O advento do petróleo na região

Em 1974, foi descoberto um amplo lençol petrolífero na plataforma continental da Bacia de Campos e, nos dias atuais, a economia municipal é beneficiada pelos royalties do petróleo.

A partir da descoberta de Petróleo, em 1974, na Bacia de Campos, iniciou-se uma mudança na estrutura econômica e social do município. Desde a criação da Lei do Petróleo (Lei 9478/97), em 1997, os municípios produtores passaram a ter um acréscimo significativo em suas receitas, em função de um extraordinário recebimento de royalties, o que determinou uma maior diversidade de investimentos, principalmente, na área de serviços.

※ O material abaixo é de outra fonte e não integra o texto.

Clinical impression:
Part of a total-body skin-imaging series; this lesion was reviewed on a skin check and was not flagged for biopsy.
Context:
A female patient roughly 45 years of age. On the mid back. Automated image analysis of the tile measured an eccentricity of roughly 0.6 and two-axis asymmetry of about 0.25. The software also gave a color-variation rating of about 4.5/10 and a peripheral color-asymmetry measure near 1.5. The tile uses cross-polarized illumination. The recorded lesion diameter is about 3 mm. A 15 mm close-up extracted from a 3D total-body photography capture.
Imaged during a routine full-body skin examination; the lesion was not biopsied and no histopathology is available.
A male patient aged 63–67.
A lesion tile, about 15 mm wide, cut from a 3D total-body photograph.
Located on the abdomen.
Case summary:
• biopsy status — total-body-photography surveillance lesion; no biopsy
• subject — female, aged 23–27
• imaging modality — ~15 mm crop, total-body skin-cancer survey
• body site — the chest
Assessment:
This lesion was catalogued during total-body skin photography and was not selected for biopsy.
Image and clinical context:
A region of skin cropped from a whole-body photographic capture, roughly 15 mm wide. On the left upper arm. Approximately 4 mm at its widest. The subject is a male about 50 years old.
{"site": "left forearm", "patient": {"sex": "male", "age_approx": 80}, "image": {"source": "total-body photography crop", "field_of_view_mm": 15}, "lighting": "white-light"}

A análise feita de acordo com a história, a partir de meados da década de 70, o impacto gerado pela extração de petróleo na região Norte Fluminense, principalmente no município de Campos, observa-se que este foi o grande fator de diversificação e diferenciação internas à economia. A partir da injeção maciça de royalties no orçamento dos municípios da região, houve o acréscimo da autonomia para investimentos em políticas públicas, dentre as quais: de fomento e de atividades econômicas. Desde 1997, observa-se, ainda, uma contínua redução da dependência dos recursos federais e estaduais, refletindo o aumento da receita própria, fortemente influenciada pelo ingresso dos royalties na receita municipal.

Contudo, o que se questiona neste presente artigo é a inclusão profissional efetiva dos cidadãos menos prestigiados da sociedade campista nas plataformas petrolíferas da região, sobretudo, sua participação em cargos de chefia e/ou gerência, ou seja, qual é a participação do cidadão campista negro na divisão da riqueza nacional das empresas petrolíferas locais?

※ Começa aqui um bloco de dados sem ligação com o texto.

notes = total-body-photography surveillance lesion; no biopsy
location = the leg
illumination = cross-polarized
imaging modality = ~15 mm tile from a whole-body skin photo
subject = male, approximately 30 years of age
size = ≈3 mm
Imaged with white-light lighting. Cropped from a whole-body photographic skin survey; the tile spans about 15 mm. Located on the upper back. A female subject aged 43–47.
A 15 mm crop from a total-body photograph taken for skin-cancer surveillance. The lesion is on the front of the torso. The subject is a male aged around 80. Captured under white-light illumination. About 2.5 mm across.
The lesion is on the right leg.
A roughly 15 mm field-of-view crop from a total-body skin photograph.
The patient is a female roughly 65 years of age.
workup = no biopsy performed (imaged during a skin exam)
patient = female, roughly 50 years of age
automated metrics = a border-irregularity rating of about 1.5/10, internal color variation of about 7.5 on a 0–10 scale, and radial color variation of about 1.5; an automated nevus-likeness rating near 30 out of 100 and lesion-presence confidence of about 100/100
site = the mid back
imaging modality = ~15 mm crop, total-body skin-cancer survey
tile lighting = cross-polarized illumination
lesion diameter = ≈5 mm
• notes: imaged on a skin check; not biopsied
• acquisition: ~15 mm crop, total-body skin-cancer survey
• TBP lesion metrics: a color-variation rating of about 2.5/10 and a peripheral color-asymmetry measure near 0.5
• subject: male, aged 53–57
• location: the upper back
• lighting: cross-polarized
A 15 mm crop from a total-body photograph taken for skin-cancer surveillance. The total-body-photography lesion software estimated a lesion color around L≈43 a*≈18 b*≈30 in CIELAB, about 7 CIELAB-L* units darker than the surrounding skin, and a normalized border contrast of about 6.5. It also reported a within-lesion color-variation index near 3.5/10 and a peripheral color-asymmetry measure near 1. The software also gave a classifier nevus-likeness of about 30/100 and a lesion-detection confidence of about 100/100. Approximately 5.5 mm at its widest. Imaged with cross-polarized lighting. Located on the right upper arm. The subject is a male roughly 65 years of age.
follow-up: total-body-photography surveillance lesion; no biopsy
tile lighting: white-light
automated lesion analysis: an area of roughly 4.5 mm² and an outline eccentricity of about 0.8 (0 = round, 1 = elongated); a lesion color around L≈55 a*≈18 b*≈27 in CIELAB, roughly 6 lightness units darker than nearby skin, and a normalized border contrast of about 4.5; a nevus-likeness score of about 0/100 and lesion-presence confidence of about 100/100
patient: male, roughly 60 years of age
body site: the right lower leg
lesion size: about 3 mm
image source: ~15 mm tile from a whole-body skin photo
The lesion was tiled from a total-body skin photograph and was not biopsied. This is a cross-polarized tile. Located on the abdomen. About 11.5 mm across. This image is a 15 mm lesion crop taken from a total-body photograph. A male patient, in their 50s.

Existe, na região, a adoção de iniciativas, atividades e/ou medidas que reconheçam e promovam a diferença entre pessoas ou grupos como um valor positivo a ser desenvolvido como instrumento de integração social, em benefício da produtividade da empresa e da democratização das oportunidades de acesso e tratamento no mercado de trabalho em prol dos negros?

A importância do processo educacional

A desigualdade se encontra em diversos níveis como: saúde, emprego, habitação, renda e educação. Entre os fatores de reprodução das desigualdades raciais no Brasil, a educação ocupa um lugar de destaque (COELHO, 2012).

Os jovens negros, em sua maioria, estudam nas escolas públicas de péssima qualidade, onde tem sido este o fator revelador da barreira de ingresso ao Ensino Superior, pois o ensino público, quanto à educação básica tem sido ineficiente e desqualificado. Segundo Jaccoud e Beghin (2002), a exclusão socioeconômica a que está submetida a população negra produz diversas consequências, como: a permanência das desigualdades raciais que é diferenciada de brancos e negros nos vários espaços da vida social, reforçando a estigmatização sofrida pelos negros, inibindo o desenvolvimento de suas potencialidades individuais e impedindo o usufruto da cidadania por parte dessa parcela de brasileiros, à qual é negada a igualdade de oportunidades que deve o país oferecer a todos.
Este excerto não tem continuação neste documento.